Activity
Nothing but the records, transcribed exactly, should appear in the answer; leave the pictures out.

══ Supplied data

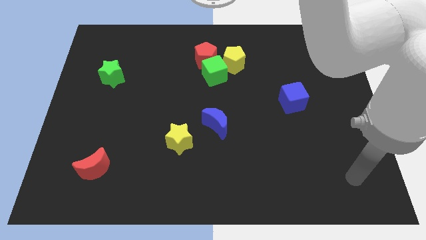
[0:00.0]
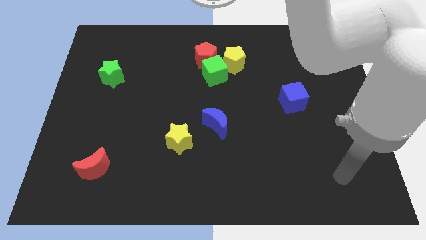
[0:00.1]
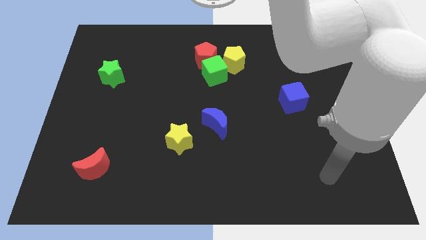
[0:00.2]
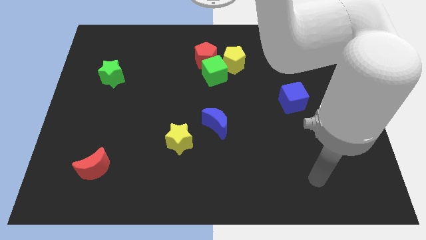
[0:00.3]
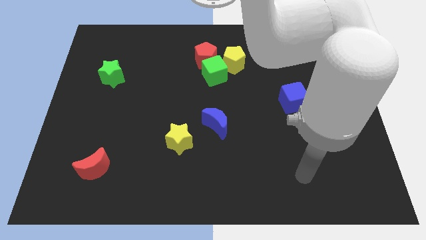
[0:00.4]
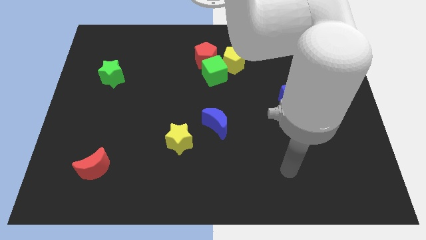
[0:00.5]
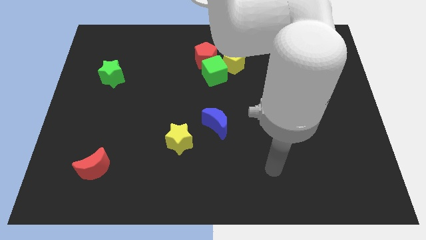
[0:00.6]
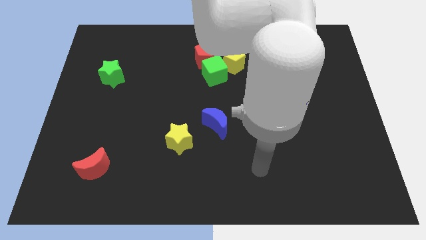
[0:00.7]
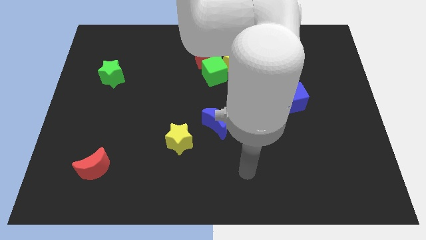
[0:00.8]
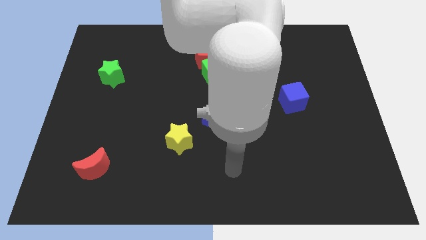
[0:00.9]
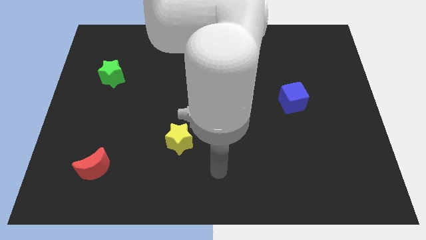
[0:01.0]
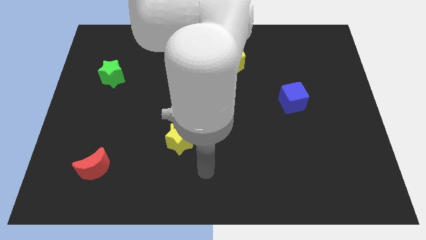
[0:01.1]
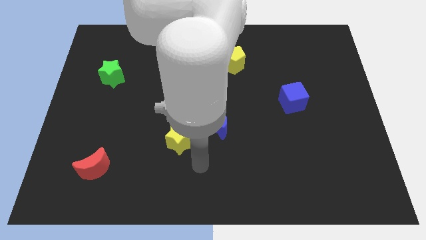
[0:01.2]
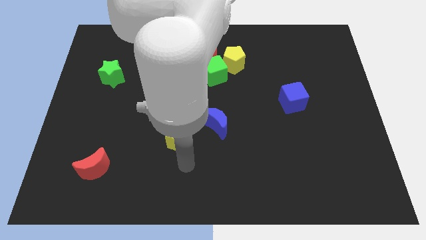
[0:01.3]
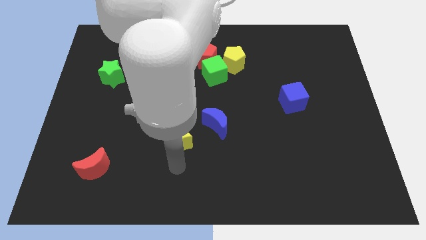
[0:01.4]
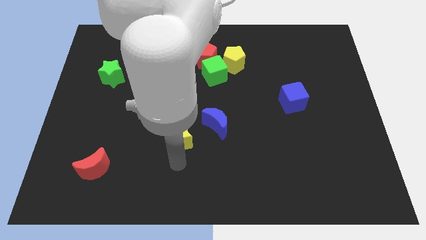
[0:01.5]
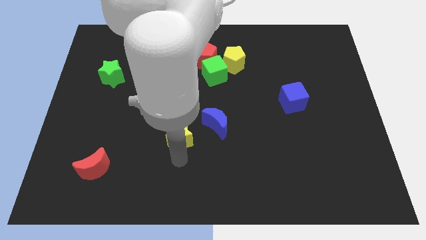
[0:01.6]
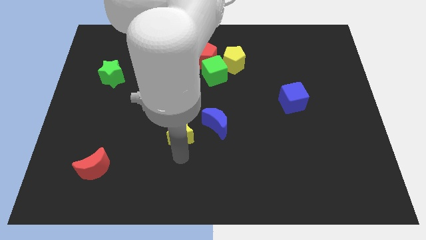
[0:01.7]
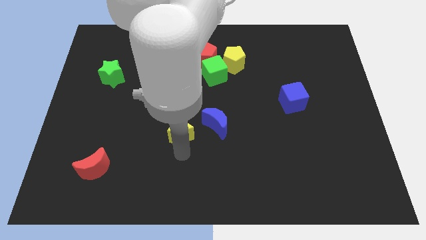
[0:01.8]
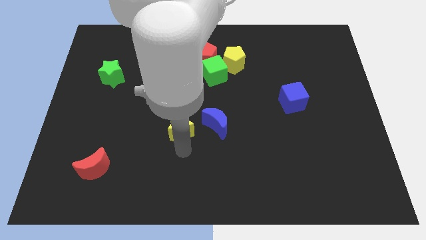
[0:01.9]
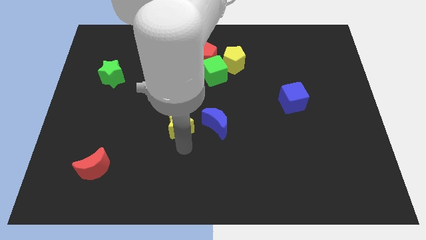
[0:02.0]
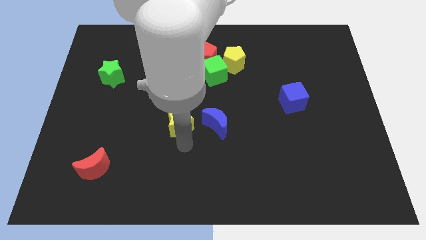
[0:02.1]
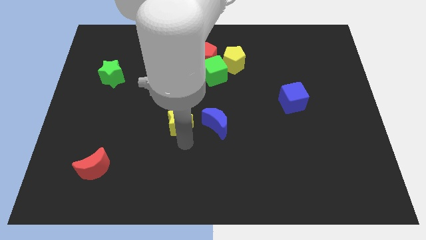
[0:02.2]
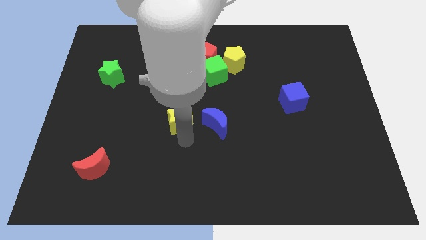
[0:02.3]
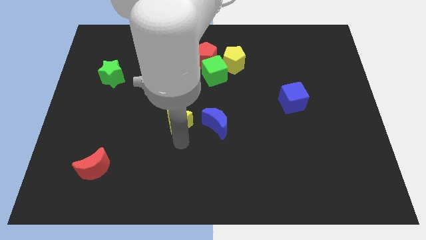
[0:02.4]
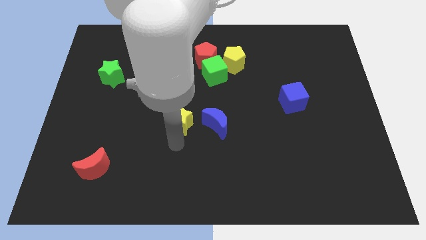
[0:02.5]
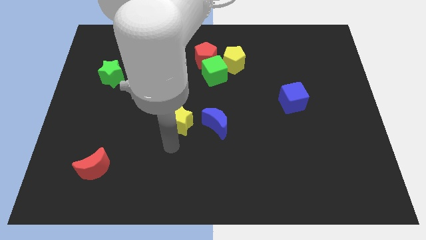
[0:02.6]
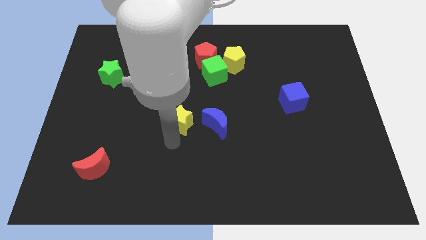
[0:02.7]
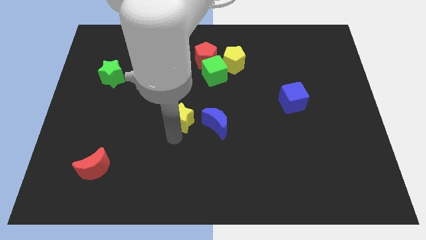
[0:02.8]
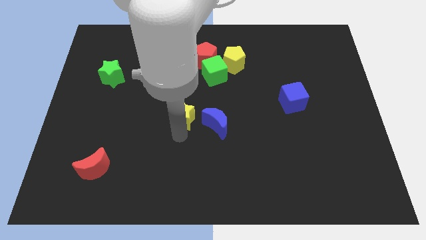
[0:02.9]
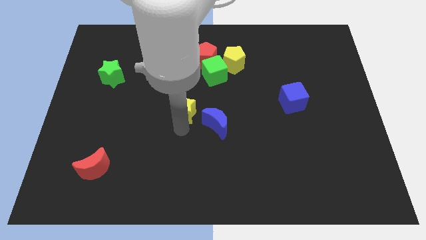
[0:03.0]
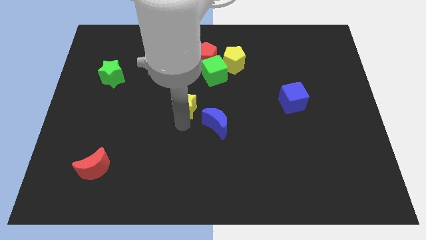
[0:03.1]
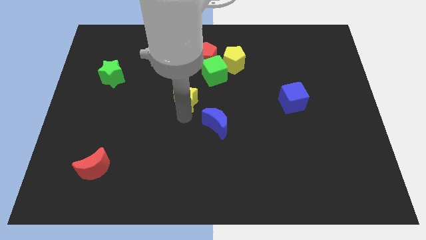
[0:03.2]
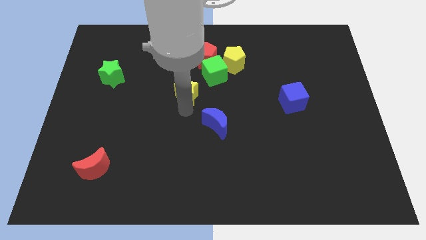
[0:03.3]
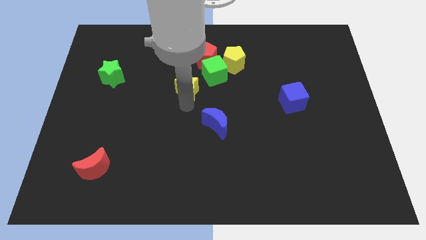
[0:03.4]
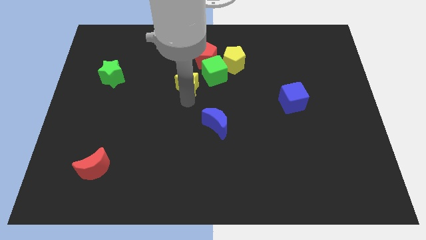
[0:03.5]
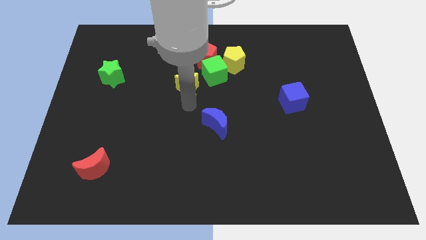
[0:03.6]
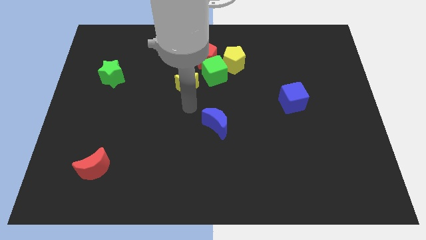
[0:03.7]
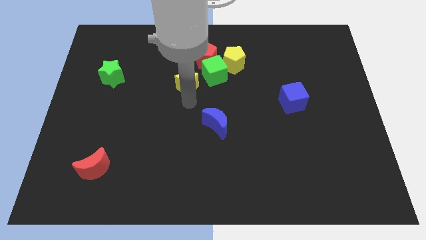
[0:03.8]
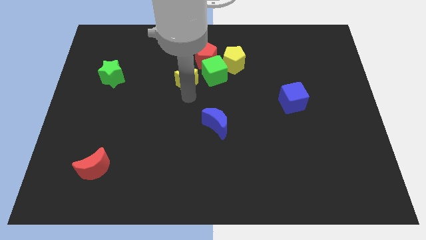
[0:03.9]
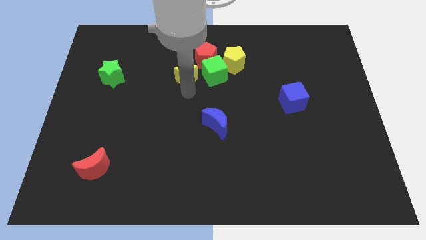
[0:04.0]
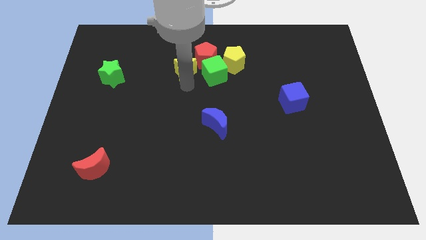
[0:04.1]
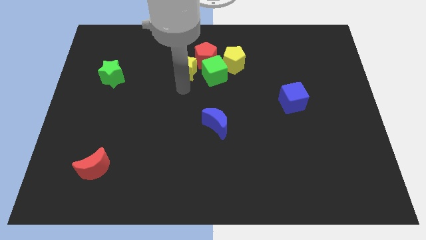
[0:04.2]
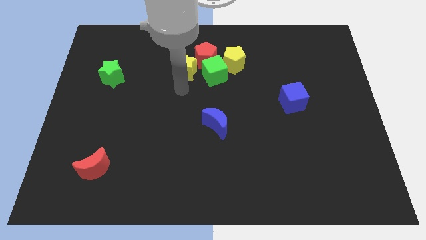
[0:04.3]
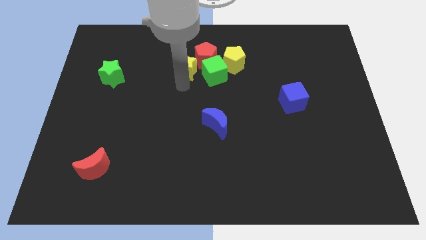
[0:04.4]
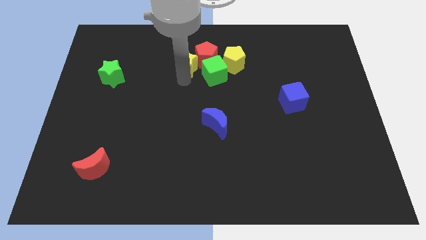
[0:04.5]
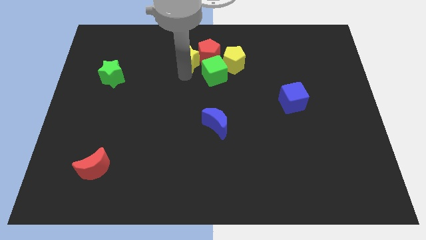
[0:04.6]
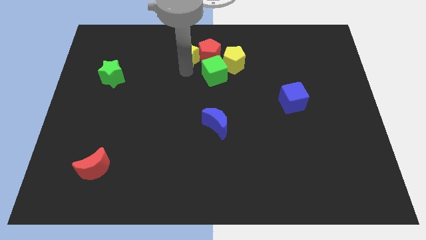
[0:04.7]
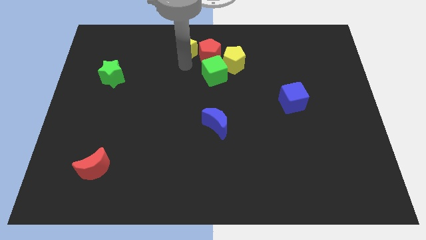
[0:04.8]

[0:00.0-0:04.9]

════

Output of the task
[0:00.0]
[0:00.1]
[0:00.2]
[0:00.3]
[0:00.4]
[0:00.5]
[0:00.6]
[0:00.7]
[0:00.8]
[0:00.9]
[0:01.0]
[0:01.1]
[0:01.2]
[0:01.3]
[0:01.4]
[0:01.5]
[0:01.6]
[0:01.7]
[0:01.8]
[0:01.9]
[0:02.0]
[0:02.1]
[0:02.2]
[0:02.3]
[0:02.4]
[0:02.5]
[0:02.6]
[0:02.7]
[0:02.8]
[0:02.9]
[0:03.0]
[0:03.1]
[0:03.2]
[0:03.3]
[0:03.4]
[0:03.5]
[0:03.6]
[0:03.7]
[0:03.8]
[0:03.9]
[0:04.0]
[0:04.1]
[0:04.2]
[0:04.3]
[0:04.4]
[0:04.5]
[0:04.6]
[0:04.7]
[0:04.8]

[0:00.0-0:04.9]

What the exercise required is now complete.